何処かで見た顔。少年は小首を横に向ける。
「サー・アルタナ、ウィリアムを連れて来ました!」
敬礼をして、声を上げる上官をそっと横目で見ながら。
アルタナ?はて、何処かで聞いたことのある名前。
記憶の奥まで探して行く。本を読むのが好きな少年の脳には多くの知識があり、その中で一つその名が検索された。
我がグランドヴィア国の名将、アルタナ=テラエ。
誰もが憧れる、戦士の中の戦士。
「ありがとう。下がっていいよ」
「はっ」
目を開いて、窓から背を起こし、笑みながら上官に声を掛ける。
掛けられた上官は敬礼を再度して、素早く部屋から出て行った。
二人きりの小会議室は、なんだか居心地が悪い。
「えーと、君がルーキス=ウィリアムくん?」
「はいっ」
唐突に声を掛けられ、動揺しながらも敬礼をする。
それを見て、人懐っこい笑みを向けてアルタナは云う。
「敬礼は無しでいいよ。君、お父さんは?」
唐突が続く。仮にも、というよりも完全に上官。その相手に敬礼無しでは無礼では、と。
そして質問。いきなり何を聞くのだと、驚きながら。
「自分が物心つく前に死亡したので……」
「名前、知ってる?」
「……いえ」
母は、何故か少年には――ルーキスには教えてくれない。
何故父が死んだのか、何故父のことをあまり話そうとしないのか。
だから、自分は本当は生まれる意味の無い子だったのではと思うようになって。
それからは一度も父の事を話しにだしたことがなかった。
「そっか、なんかごめんな」
「いえっ」
悲しそうに笑って見せるから。こちらも何か悲しくなる。
その時、初めて気がつく。
アルタナの身につけている鎧が、真っ赤であることを。
そんな色なのかと思ったが、ところどころ錆びた様に茶色い所があり、赤は元の色ではないと分かった。
その赤は、人の体内に埋め尽くされたものだ。
想像しただけで、気分が悪くなる。これでは軍人失格なのは分かっているが、まだ"本物の戦い"に参加したことがないのだ。

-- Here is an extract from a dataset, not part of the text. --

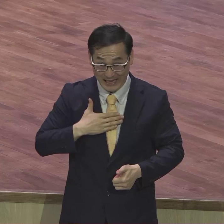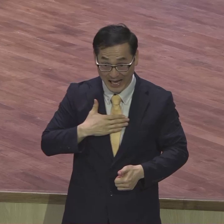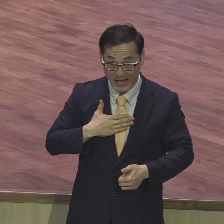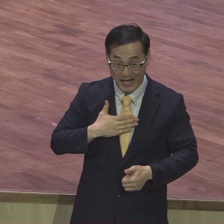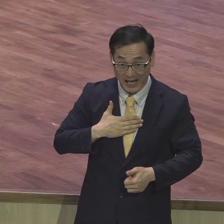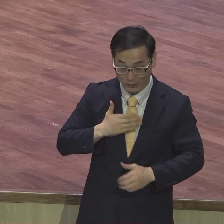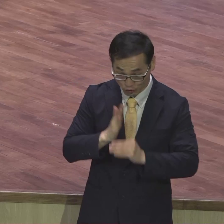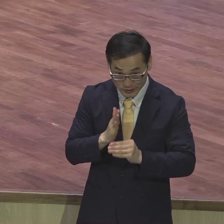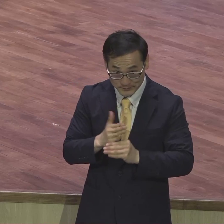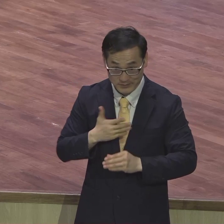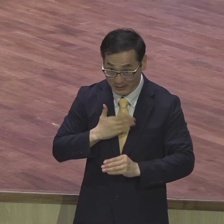내 계산 없어요

鎧が血で固まってしまうほどの血を見たことがないのだ。
その姿を直視するのが辛くて、早くこの刻が終わればいいと思って話しを託す。
「あの、用件は…?」
もしかしたら父の名前を聞くことが用件だったのでは?と不安になりながらも。
確かに、軍に入隊する時に書いたものに父の事は一切書かなかった。
それを不備と思われたのではと、ルーキスは思う。
「ああ、そうだった。実は君を貰おうと思って」
「……は?」
たっぷり間をあけて。
意味が分からないと眉をひそめる。
「ゴメンゴメン。言葉が悪かったね。君に次の任務に参加して貰いたいんだ」
次の任務。それは、アルタナが参加する任務であって。
名将が出なければならないほどの任務で。
つまりは、とても危険な任務。
鳥肌が全身に立つ。
鎧の血を見ただけで気分を悪くしているのに、戦地などに行ったら恐ろしいことになるのは目に見えていて。
言葉に、詰まる。
「今すぐに答えなくていいよ。ゆっくり考えてくれていい」
背伸びをしながら、笑う。
気を使ってくれたのだ。そう思いたかったが、その後の顔が一瞬。
あまりにも険しかったから。
まるで、何かを紛らわすかのような。そう感じた。
「任務って云っても、あっちで物資の運搬の手伝いやテントの準備とかだよ。二等兵を前線に連れて行く訳にはいかないもんね」
先程のように笑みながら、大きなテーブルを回ってきて、横を通り抜ける。
その時、嗅覚が急に反応する。
鎧だけじゃない。
アルタナの全身から、その臭いがする。
身体に、染込んでしまっているのだ。
 名将と呼ばれ、皆からヒーローのように人気な男の実際を知ってしまって。
残念、というよりも。どうして?の方が大きかった。
何故そこまでしなければならないのか。何のために、と。
「答えるの君だけど」
廊下に出たアルタナが、一度とまる。
振り向いて。
「俺は君に来て欲しいな」
悲しそうに笑って、去っていった。
 ルーキスは一人、小会議室に寂しく残されてしまった。